◆ Exercise prompt:
Repeat every record below exactly, leaving out the pictures.

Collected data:
=== Begin Enclosure ===

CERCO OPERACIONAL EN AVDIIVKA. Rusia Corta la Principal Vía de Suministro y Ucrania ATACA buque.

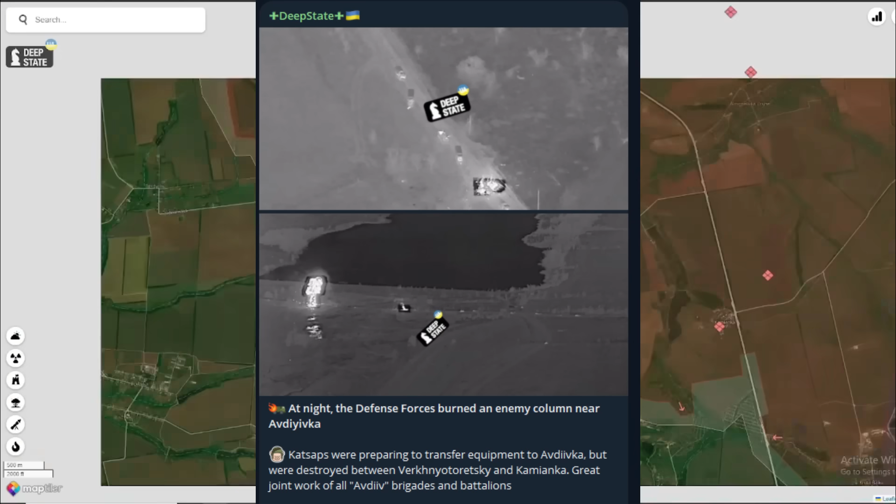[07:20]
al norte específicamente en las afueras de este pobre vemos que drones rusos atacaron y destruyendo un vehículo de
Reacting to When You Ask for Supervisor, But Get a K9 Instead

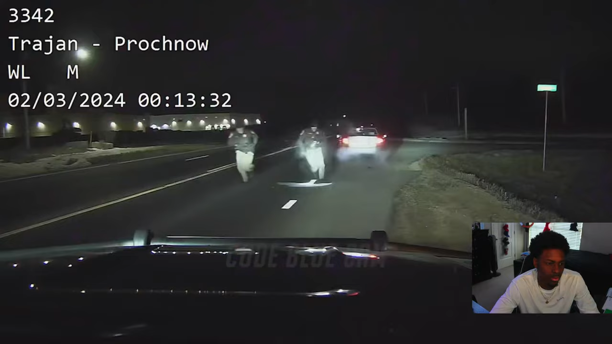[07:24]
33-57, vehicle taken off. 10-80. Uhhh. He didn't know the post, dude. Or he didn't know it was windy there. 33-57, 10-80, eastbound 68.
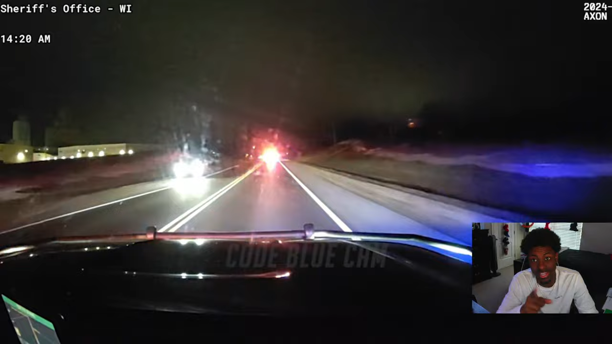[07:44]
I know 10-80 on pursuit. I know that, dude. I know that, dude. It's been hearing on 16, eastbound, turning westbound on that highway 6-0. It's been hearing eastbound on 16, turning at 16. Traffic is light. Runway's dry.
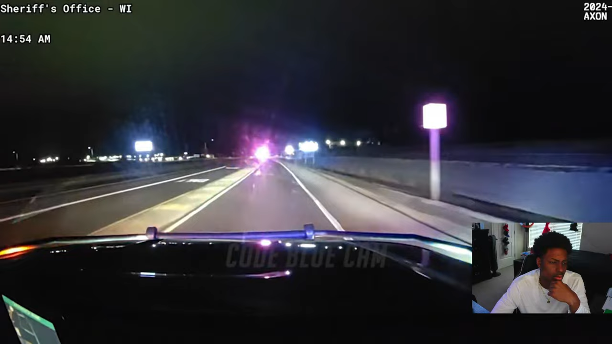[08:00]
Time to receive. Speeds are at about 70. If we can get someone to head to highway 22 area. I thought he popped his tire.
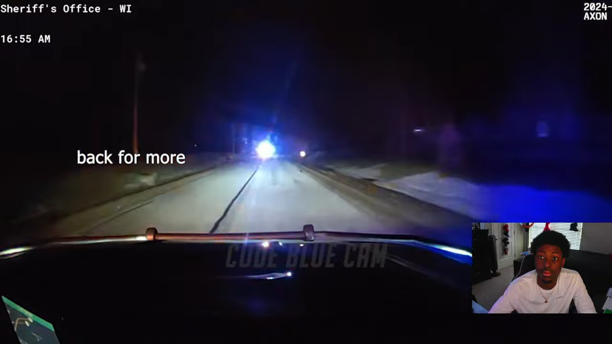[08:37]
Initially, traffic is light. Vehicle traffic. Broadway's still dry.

=== End Enclosure ===

◆ Task output:
CERCO OPERACIONAL EN AVDIIVKA. Rusia Corta la Principal Vía de Suministro y Ucrania ATACA buque.

[07:20]
al norte específicamente en las afueras de este pobre vemos que drones rusos atacaron y destruyendo un vehículo de
Reacting to When You Ask for Supervisor, But Get a K9 Instead

[07:24]
33-57, vehicle taken off. 10-80. Uhhh. He didn't know the post, dude. Or he didn't know it was windy there. 33-57, 10-80, eastbound 68.
[07:44]
I know 10-80 on pursuit. I know that, dude. I know that, dude. It's been hearing on 16, eastbound, turning westbound on that highway 6-0. It's been hearing eastbound on 16, turning at 16. Traffic is light. Runway's dry.
[08:00]
Time to receive. Speeds are at about 70. If we can get someone to head to highway 22 area. I thought he popped his tire.
[08:37]
Initially, traffic is light. Vehicle traffic. Broadway's still dry.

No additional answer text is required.